**DIRECTIONS**
Exactly the lines from the one with "Two aerial photos of one place in France, from 2016" to the end of the listing must be repeated, both ends included, with nothing added.

*** Begin section ***

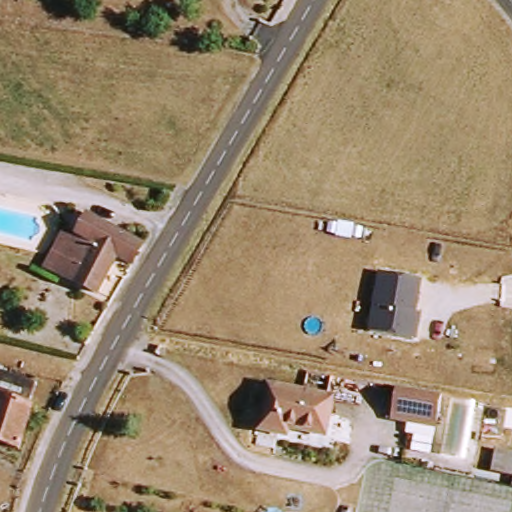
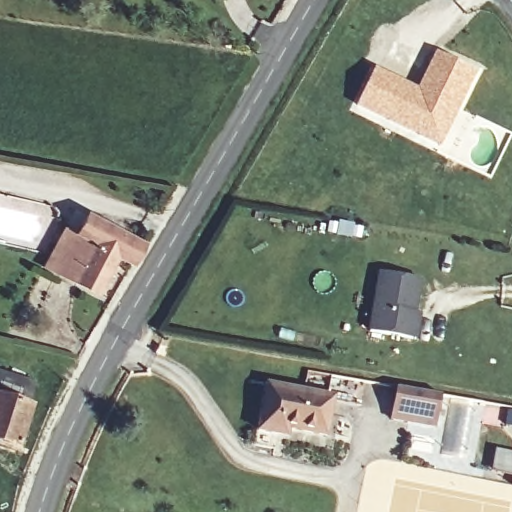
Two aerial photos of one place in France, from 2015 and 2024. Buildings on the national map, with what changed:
new [(355,105),(375,67),(419,89),(436,52),(476,72),(440,147),(355,105)]
unchanged [(114,258),(96,293),(57,271),(88,214),(148,246),(135,269),(114,258)]
unchanged [(420,278),(415,311),(421,312),(417,335),(372,327),(382,272),(420,278)]
unchanged [(39,381),(35,400),(34,407),(37,408),(23,453),(0,446),(0,372),(39,381)]
unchanged [(283,435),(261,431),(268,387),(335,400),(330,436),(285,429),(283,435)]
unchanged [(443,399),(437,431),(395,423),(401,389),(443,399)]
demolished [(462,465),(448,462),(457,412),(472,416),(462,465)]
unchanged [(512,472),(491,470),(496,445),(512,448),(512,472)]

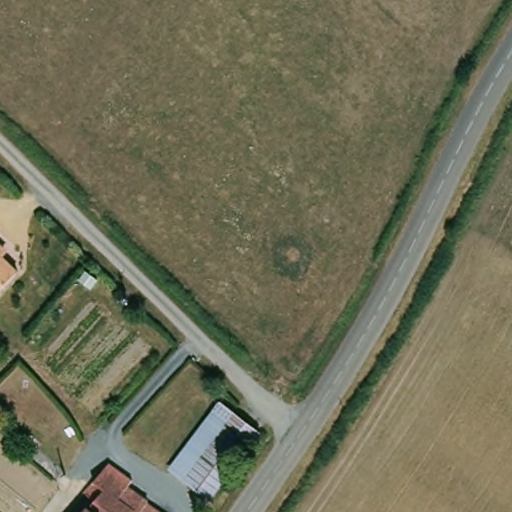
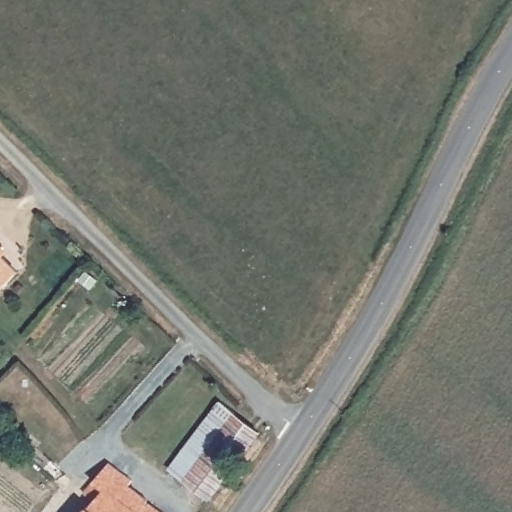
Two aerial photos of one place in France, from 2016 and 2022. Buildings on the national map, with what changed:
unchanged [(20,277),(0,297),(0,258),(20,277)]
unchanged [(199,489),(182,476),(227,414),(249,430),(199,489)]
unchanged [(89,492),(109,468),(117,473),(111,480),(118,485),(112,493),(122,500),(136,510),(133,512),(85,512),(97,499),(89,492)]
unchanged [(122,500),(137,481),(157,497),(154,502),(169,512),(133,512),(136,510),(122,500)]

*** End section ***

**SOLUTION FOR THIS TASK**
Two aerial photos of one place in France, from 2016 and 2022. Buildings on the national map, with what changed:
unchanged [(20,277),(0,297),(0,258),(20,277)]
unchanged [(199,489),(182,476),(227,414),(249,430),(199,489)]
unchanged [(89,492),(109,468),(117,473),(111,480),(118,485),(112,493),(122,500),(136,510),(133,512),(85,512),(97,499),(89,492)]
unchanged [(122,500),(137,481),(157,497),(154,502),(169,512),(133,512),(136,510),(122,500)]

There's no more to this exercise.